== What to do ==
Only the lines from the one with "#242 = DEFINITIONAL_REPRESENTATION('',(#243),#247);" to the end of the data below should be returned, each exactly as it stands.

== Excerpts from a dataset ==
%%

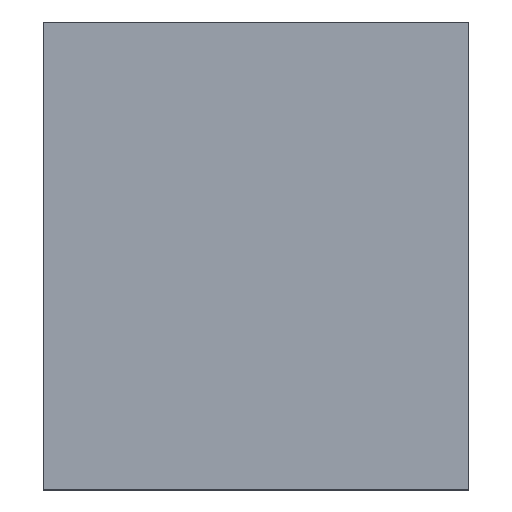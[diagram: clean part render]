
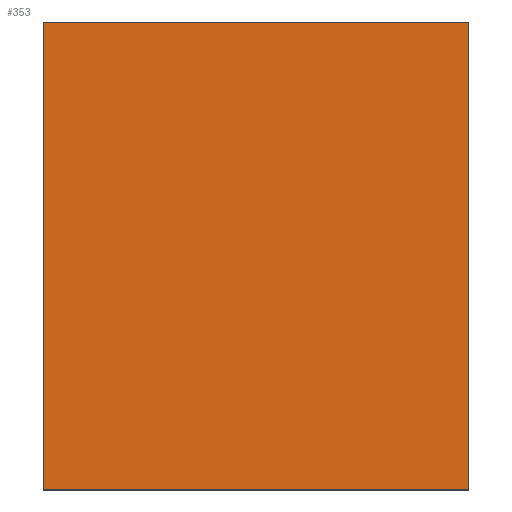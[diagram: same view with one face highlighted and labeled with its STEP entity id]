
A CAD part, top view. The second image highlights one B-rep face of the part: STEP entity #353.
In plain terms, the highlighted planar face has unit normal (0, 0, 1).
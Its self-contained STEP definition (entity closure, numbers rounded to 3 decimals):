
#39 = VERTEX_POINT('',#40);
#40 = CARTESIAN_POINT('',(-13.5,3.75,13.8));
#47 = PLANE('',#48);
#48 = AXIS2_PLACEMENT_3D('',#49,#50,#51);
#49 = CARTESIAN_POINT('',(-13.5,3.75,0.));
#50 = DIRECTION('',(0.,1.,0.));
#51 = DIRECTION('',(1.,0.,0.));
#59 = PLANE('',#60);
#60 = AXIS2_PLACEMENT_3D('',#61,#62,#63);
#61 = CARTESIAN_POINT('',(-13.5,-11.95,0.));
#62 = DIRECTION('',(-1.,0.,0.));
#63 = DIRECTION('',(0.,1.,0.));
#71 = EDGE_CURVE('',#39,#72,#74,.T.);
#72 = VERTEX_POINT('',#73);
#73 = CARTESIAN_POINT('',(0.8,3.75,13.8));
#74 = SURFACE_CURVE('',#75,(#79,#86),.PCURVE_S1.);
#75 = LINE('',#76,#77);
#76 = CARTESIAN_POINT('',(-13.5,3.75,13.8));
#77 = VECTOR('',#78,1.);
#78 = DIRECTION('',(1.,0.,0.));
#79 = PCURVE('',#47,#80);
#80 = DEFINITIONAL_REPRESENTATION('',(#81),#85);
#81 = LINE('',#82,#83);
#82 = CARTESIAN_POINT('',(0.,-13.8));
#83 = VECTOR('',#84,1.);
#84 = DIRECTION('',(1.,0.));
#85 = ( GEOMETRIC_REPRESENTATION_CONTEXT(2) 
PARAMETRIC_REPRESENTATION_CONTEXT() REPRESENTATION_CONTEXT('2D SPACE',''
  ) );
#86 = PCURVE('',#87,#92);
#87 = PLANE('',#88);
#88 = AXIS2_PLACEMENT_3D('',#89,#90,#91);
#89 = CARTESIAN_POINT('',(-6.35,-4.1,13.8));
#90 = DIRECTION('',(0.,0.,-1.));
#91 = DIRECTION('',(-1.,0.,0.));
#92 = DEFINITIONAL_REPRESENTATION('',(#93),#97);
#93 = LINE('',#94,#95);
#94 = CARTESIAN_POINT('',(7.15,7.85));
#95 = VECTOR('',#96,1.);
#96 = DIRECTION('',(-1.,0.));
#97 = ( GEOMETRIC_REPRESENTATION_CONTEXT(2) 
PARAMETRIC_REPRESENTATION_CONTEXT() REPRESENTATION_CONTEXT('2D SPACE',''
  ) );
#115 = PLANE('',#116);
#116 = AXIS2_PLACEMENT_3D('',#117,#118,#119);
#117 = CARTESIAN_POINT('',(0.8,3.75,0.));
#118 = DIRECTION('',(1.,0.,-0.));
#119 = DIRECTION('',(0.,-1.,0.));
#157 = EDGE_CURVE('',#72,#158,#160,.T.);
#158 = VERTEX_POINT('',#159);
#159 = CARTESIAN_POINT('',(0.8,-11.95,13.8));
#160 = SURFACE_CURVE('',#161,(#165,#172),.PCURVE_S1.);
#161 = LINE('',#162,#163);
#162 = CARTESIAN_POINT('',(0.8,3.75,13.8));
#163 = VECTOR('',#164,1.);
#164 = DIRECTION('',(0.,-1.,0.));
#165 = PCURVE('',#115,#166);
#166 = DEFINITIONAL_REPRESENTATION('',(#167),#171);
#167 = LINE('',#168,#169);
#168 = CARTESIAN_POINT('',(0.,-13.8));
#169 = VECTOR('',#170,1.);
#170 = DIRECTION('',(1.,0.));
#171 = ( GEOMETRIC_REPRESENTATION_CONTEXT(2) 
PARAMETRIC_REPRESENTATION_CONTEXT() REPRESENTATION_CONTEXT('2D SPACE',''
  ) );
#172 = PCURVE('',#87,#173);
#173 = DEFINITIONAL_REPRESENTATION('',(#174),#178);
#174 = LINE('',#175,#176);
#175 = CARTESIAN_POINT('',(-7.15,7.85));
#176 = VECTOR('',#177,1.);
#177 = DIRECTION('',(0.,-1.));
#178 = ( GEOMETRIC_REPRESENTATION_CONTEXT(2) 
PARAMETRIC_REPRESENTATION_CONTEXT() REPRESENTATION_CONTEXT('2D SPACE',''
  ) );
#196 = PLANE('',#197);
#197 = AXIS2_PLACEMENT_3D('',#198,#199,#200);
#198 = CARTESIAN_POINT('',(0.8,-11.95,0.));
#199 = DIRECTION('',(0.,-1.,0.));
#200 = DIRECTION('',(-1.,0.,0.));
#233 = EDGE_CURVE('',#158,#234,#236,.T.);
#234 = VERTEX_POINT('',#235);
#235 = CARTESIAN_POINT('',(-13.5,-11.95,13.8));
#236 = SURFACE_CURVE('',#237,(#241,#248),.PCURVE_S1.);
#237 = LINE('',#238,#239);
#238 = CARTESIAN_POINT('',(0.8,-11.95,13.8));
#239 = VECTOR('',#240,1.);
#240 = DIRECTION('',(-1.,0.,0.));
#241 = PCURVE('',#196,#242);
#242 = DEFINITIONAL_REPRESENTATION('',(#243),#247);
#243 = LINE('',#244,#245);
#244 = CARTESIAN_POINT('',(0.,-13.8));
#245 = VECTOR('',#246,1.);
#246 = DIRECTION('',(1.,0.));
#247 = ( GEOMETRIC_REPRESENTATION_CONTEXT(2) 
PARAMETRIC_REPRESENTATION_CONTEXT() REPRESENTATION_CONTEXT('2D SPACE',''
  ) );
#248 = PCURVE('',#87,#249);
#249 = DEFINITIONAL_REPRESENTATION('',(#250),#254);
#250 = LINE('',#251,#252);
#251 = CARTESIAN_POINT('',(-7.15,-7.85));
#252 = VECTOR('',#253,1.);
#253 = DIRECTION('',(1.,0.));
#254 = ( GEOMETRIC_REPRESENTATION_CONTEXT(2) 
PARAMETRIC_REPRESENTATION_CONTEXT() REPRESENTATION_CONTEXT('2D SPACE',''
  ) );
#304 = EDGE_CURVE('',#234,#39,#305,.T.);
#305 = SURFACE_CURVE('',#306,(#310,#317),.PCURVE_S1.);
#306 = LINE('',#307,#308);
#307 = CARTESIAN_POINT('',(-13.5,-11.95,13.8));
#308 = VECTOR('',#309,1.);
#309 = DIRECTION('',(0.,1.,0.));
#310 = PCURVE('',#59,#311);
#311 = DEFINITIONAL_REPRESENTATION('',(#312),#316);
#312 = LINE('',#313,#314);
#313 = CARTESIAN_POINT('',(0.,-13.8));
#314 = VECTOR('',#315,1.);
#315 = DIRECTION('',(1.,0.));
#316 = ( GEOMETRIC_REPRESENTATION_CONTEXT(2) 
PARAMETRIC_REPRESENTATION_CONTEXT() REPRESENTATION_CONTEXT('2D SPACE',''
  ) );
#317 = PCURVE('',#87,#318);
#318 = DEFINITIONAL_REPRESENTATION('',(#319),#323);
#319 = LINE('',#320,#321);
#320 = CARTESIAN_POINT('',(7.15,-7.85));
#321 = VECTOR('',#322,1.);
#322 = DIRECTION('',(0.,1.));
#323 = ( GEOMETRIC_REPRESENTATION_CONTEXT(2) 
PARAMETRIC_REPRESENTATION_CONTEXT() REPRESENTATION_CONTEXT('2D SPACE',''
  ) );
#353 = ADVANCED_FACE('',(#354),#87,.F.);
#354 = FACE_BOUND('',#355,.F.);
#355 = EDGE_LOOP('',(#356,#357,#358,#359));
#356 = ORIENTED_EDGE('',*,*,#71,.T.);
#357 = ORIENTED_EDGE('',*,*,#157,.T.);
#358 = ORIENTED_EDGE('',*,*,#233,.T.);
#359 = ORIENTED_EDGE('',*,*,#304,.T.);

%%

== Response for this exercise ==
#242 = DEFINITIONAL_REPRESENTATION('',(#243),#247);
#243 = LINE('',#244,#245);
#244 = CARTESIAN_POINT('',(0.,-13.8));
#245 = VECTOR('',#246,1.);
#246 = DIRECTION('',(1.,0.));
#247 = ( GEOMETRIC_REPRESENTATION_CONTEXT(2) 
PARAMETRIC_REPRESENTATION_CONTEXT() REPRESENTATION_CONTEXT('2D SPACE',''
  ) );
#248 = PCURVE('',#87,#249);
#249 = DEFINITIONAL_REPRESENTATION('',(#250),#254);
#250 = LINE('',#251,#252);
#251 = CARTESIAN_POINT('',(-7.15,-7.85));
#252 = VECTOR('',#253,1.);
#253 = DIRECTION('',(1.,0.));
#254 = ( GEOMETRIC_REPRESENTATION_CONTEXT(2) 
PARAMETRIC_REPRESENTATION_CONTEXT() REPRESENTATION_CONTEXT('2D SPACE',''
  ) );
#304 = EDGE_CURVE('',#234,#39,#305,.T.);
#305 = SURFACE_CURVE('',#306,(#310,#317),.PCURVE_S1.);
#306 = LINE('',#307,#308);
#307 = CARTESIAN_POINT('',(-13.5,-11.95,13.8));
#308 = VECTOR('',#309,1.);
#309 = DIRECTION('',(0.,1.,0.));
#310 = PCURVE('',#59,#311);
#311 = DEFINITIONAL_REPRESENTATION('',(#312),#316);
#312 = LINE('',#313,#314);
#313 = CARTESIAN_POINT('',(0.,-13.8));
#314 = VECTOR('',#315,1.);
#315 = DIRECTION('',(1.,0.));
#316 = ( GEOMETRIC_REPRESENTATION_CONTEXT(2) 
PARAMETRIC_REPRESENTATION_CONTEXT() REPRESENTATION_CONTEXT('2D SPACE',''
  ) );
#317 = PCURVE('',#87,#318);
#318 = DEFINITIONAL_REPRESENTATION('',(#319),#323);
#319 = LINE('',#320,#321);
#320 = CARTESIAN_POINT('',(7.15,-7.85));
#321 = VECTOR('',#322,1.);
#322 = DIRECTION('',(0.,1.));
#323 = ( GEOMETRIC_REPRESENTATION_CONTEXT(2) 
PARAMETRIC_REPRESENTATION_CONTEXT() REPRESENTATION_CONTEXT('2D SPACE',''
  ) );
#353 = ADVANCED_FACE('',(#354),#87,.F.);
#354 = FACE_BOUND('',#355,.F.);
#355 = EDGE_LOOP('',(#356,#357,#358,#359));
#356 = ORIENTED_EDGE('',*,*,#71,.T.);
#357 = ORIENTED_EDGE('',*,*,#157,.T.);
#358 = ORIENTED_EDGE('',*,*,#233,.T.);
#359 = ORIENTED_EDGE('',*,*,#304,.T.);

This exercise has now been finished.